I'm running oVirt + Gluster in HCI config and had similar questions as you when
building it out.
- single point of failure in this router (not really - just in case
oVirt is badly broken and I need to access internal vlans to recover it)
There is no SPOF if you're doing 3x HCI nodes. I regularly put 1 of my 3 Nodes into
Maintenance or shutdown Gluster and have had no SPOFs. Are you only doing a single Node?
If so, the point of failure is ... that 1 node :)
* have this router as virtual appliance inside oVirt (something like
pfSense for example)
I'm running pfSense in hardware still (a Netgate ARM device). There's plenty of
opinions on Reddit, StackOverflow, etc. about running any router in VM. There's
several steps you'd need to take when I looked into it, and if you setup pfSense's
interfaces as virtio / vhost I'd imagine you'd bump into limitations b/c those
para devices weren't intended to do things like hardware offload, advanced routing,
etc.; so you may have to setup PCI passthru / SR-IOV to get all of pfSense's routing
capabilities.

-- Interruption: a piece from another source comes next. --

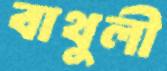
বাথুলী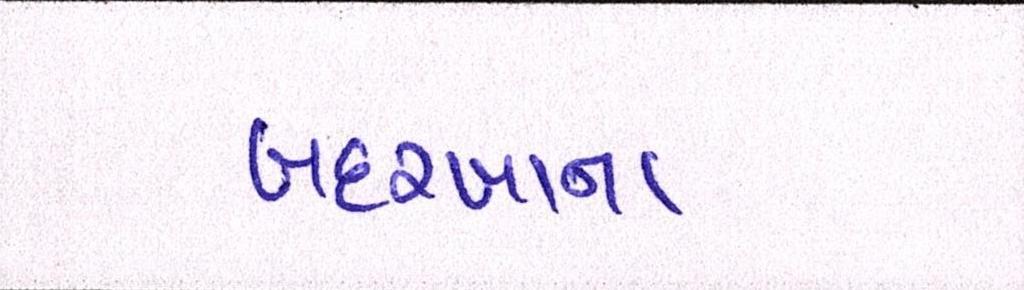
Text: બદરખાના

So I'm keeping pfSense in hardware ... though I've thought of
creating a backup pfSense instance in VM encase of hardware disaster to keep my Internet
up in "limp mode" ... but creating a cellular Hotspot is my current backup plan
:)
Install all hosts and HE with public addresses
Why? The HE is a manager to the cluster and sits on the management network (ovirtmgmt),
so giving it public IPs would be adding a security risk to the setup. I keep my HE
accessible only via local VLAN and that's how most folks lock it down. Are you
thinking the HE or HCI includes a load balancer? Eitherway, oVirt doesn't, but
putting a load balancer in front of VM's and giving it your public IP would make more
sense for exposing things to the Internet ... but I'm assuming too much and don't
know what your cluster will be running.